Heaney v The Queen

Case

[1993] HCATrans 75

No judgment structure available for this case.

IN THE HIGH COURT OF AUSTRALIA
Office of the Registry
Melbourne No M32 of 1992

B e t w e e n -

RHONA HEANEY

Applicant

and

THE QUEEN

Respondent

Application for special leave

to appeal

MASON CJ
BRENNAN J

GAUDRON J

Heaney 1 12/3/93

TRANSCRIPT OF PROCEEDINGS

AT MELBOURNE ON FRIDAY, 12 MARCH 1993, AT 2.30 PM

Copyright in the High Court of Australia

MR L. LASRY, OC: If the Court pleases, I appear with my

learned friend, MR I.L. READ, for the applicant.

(instructed by Galbally & O'Bryan)

MR B.D. BONGIORNO, OC: If the Court pleases, I appear with

my learned friend, MR N. PAPAS, for the Crown.
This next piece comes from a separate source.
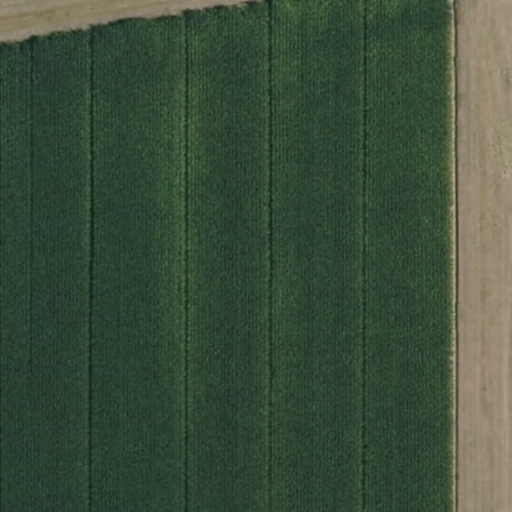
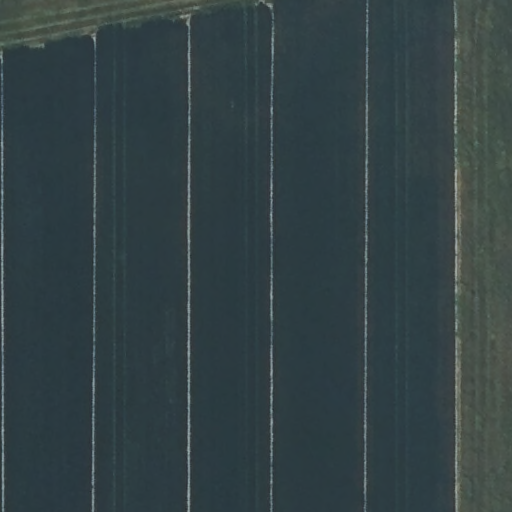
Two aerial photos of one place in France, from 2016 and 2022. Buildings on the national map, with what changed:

(instructed by the Director of Public Prosecutions)

MASON CJ:  Mr Lasry?

MR LASRY: 

Your Honours, the special leave point in this case I think can be very shortly stated, and we

have endeavoured to do it in the most recent of the
two outlines that were filed in this matter. The
special leave point is now restricted by this
application to the ground of appeal which is
originally ground (3), at page 88 of the
application book, and in particular
subparagraph (ii) of ground (3), which appears on
page 89 ~f the application book.

Your Honours, at the time of this trial and

subsequent appeal, the judgment of this Court in

Pollard obviously had not been delivered. In

essence, this application is based on this

submission that, as a result of the judgment of

this Court in Pollard, the learned trial judge and the Court of Criminal Appeal in this case ought to

have approached differently the application to have

excluded what was the re-enactment by the applicant

on 11 January 1990.

GAUDRON J: That assumes, of course, that section 464C

applies?

MR LASRY:  Yes, Your Honour, it does.

GAUDRON J: Is that certain? It applies to a questioning

under 464A - - -
MR LASRY:  Yes, Your Honour, it does.
GAUDRON J:  - - - which looks very much as though it is a

questioning before a person is charged and brought

before a bail magistrate or a magistrate.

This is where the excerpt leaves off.